#### [EXERCISE INSTRUCTIONS]
Locate each line in the records containing "Volume". Copy it.

-- PROVIDED RECORDS follows --

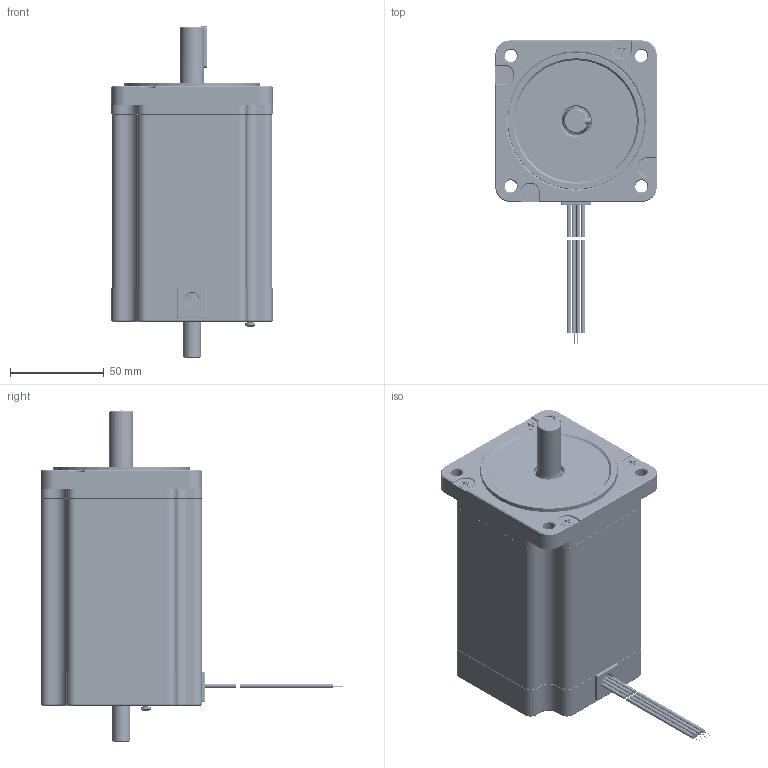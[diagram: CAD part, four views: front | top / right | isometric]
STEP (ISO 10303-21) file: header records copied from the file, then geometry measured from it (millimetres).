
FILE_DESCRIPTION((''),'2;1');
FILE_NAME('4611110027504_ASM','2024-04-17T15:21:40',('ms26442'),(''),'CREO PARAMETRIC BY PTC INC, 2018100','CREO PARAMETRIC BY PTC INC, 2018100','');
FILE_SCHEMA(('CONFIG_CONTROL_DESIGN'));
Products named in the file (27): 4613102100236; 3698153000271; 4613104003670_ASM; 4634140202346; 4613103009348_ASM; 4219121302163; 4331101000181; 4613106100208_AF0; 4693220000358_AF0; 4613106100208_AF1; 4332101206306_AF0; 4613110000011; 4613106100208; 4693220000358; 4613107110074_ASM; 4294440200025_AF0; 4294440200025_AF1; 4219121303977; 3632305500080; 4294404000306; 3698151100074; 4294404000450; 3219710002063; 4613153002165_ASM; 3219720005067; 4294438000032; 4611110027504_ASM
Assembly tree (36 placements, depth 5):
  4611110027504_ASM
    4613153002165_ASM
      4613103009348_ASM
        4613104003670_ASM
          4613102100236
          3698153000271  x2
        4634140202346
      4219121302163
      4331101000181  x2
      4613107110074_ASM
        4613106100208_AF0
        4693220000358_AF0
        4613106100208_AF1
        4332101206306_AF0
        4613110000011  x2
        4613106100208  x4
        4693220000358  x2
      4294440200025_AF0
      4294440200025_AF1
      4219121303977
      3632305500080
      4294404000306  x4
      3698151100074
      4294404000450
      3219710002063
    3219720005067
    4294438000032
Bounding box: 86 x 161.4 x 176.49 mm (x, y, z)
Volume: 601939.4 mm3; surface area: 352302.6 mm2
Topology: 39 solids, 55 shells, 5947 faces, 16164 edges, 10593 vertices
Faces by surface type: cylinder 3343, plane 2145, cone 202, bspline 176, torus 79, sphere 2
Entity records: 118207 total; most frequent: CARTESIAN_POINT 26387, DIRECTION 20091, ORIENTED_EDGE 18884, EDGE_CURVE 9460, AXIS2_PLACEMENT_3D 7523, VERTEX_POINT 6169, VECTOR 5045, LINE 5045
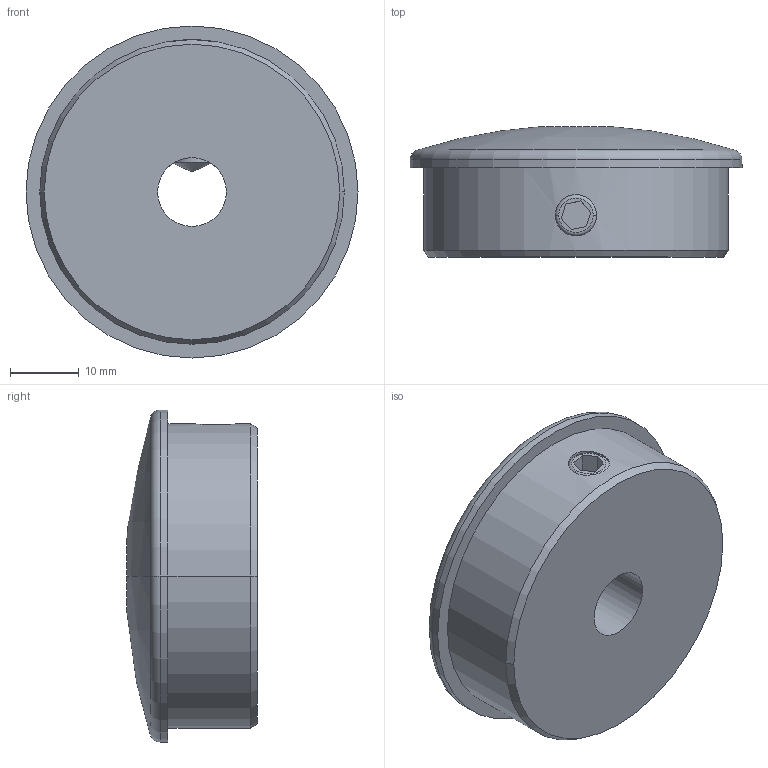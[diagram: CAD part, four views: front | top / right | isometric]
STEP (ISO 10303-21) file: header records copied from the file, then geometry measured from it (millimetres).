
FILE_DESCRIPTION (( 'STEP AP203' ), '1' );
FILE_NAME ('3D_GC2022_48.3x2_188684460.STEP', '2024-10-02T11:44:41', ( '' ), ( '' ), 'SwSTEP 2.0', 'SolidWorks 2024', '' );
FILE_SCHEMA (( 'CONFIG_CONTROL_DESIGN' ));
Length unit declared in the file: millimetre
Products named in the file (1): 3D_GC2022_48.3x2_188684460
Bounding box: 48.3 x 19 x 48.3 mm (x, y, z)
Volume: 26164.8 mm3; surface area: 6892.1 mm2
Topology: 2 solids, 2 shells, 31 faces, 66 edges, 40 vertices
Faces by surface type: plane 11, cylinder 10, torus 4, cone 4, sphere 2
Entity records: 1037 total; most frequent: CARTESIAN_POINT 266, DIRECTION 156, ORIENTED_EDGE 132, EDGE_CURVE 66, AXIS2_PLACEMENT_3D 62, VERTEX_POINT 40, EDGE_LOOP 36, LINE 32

-- PROVIDED RECORDS concluded --

#### [ANSWER TO THE EXERCISE]
Volume: 601939.4 mm3; surface area: 352302.6 mm2
Volume: 26164.8 mm3; surface area: 6892.1 mm2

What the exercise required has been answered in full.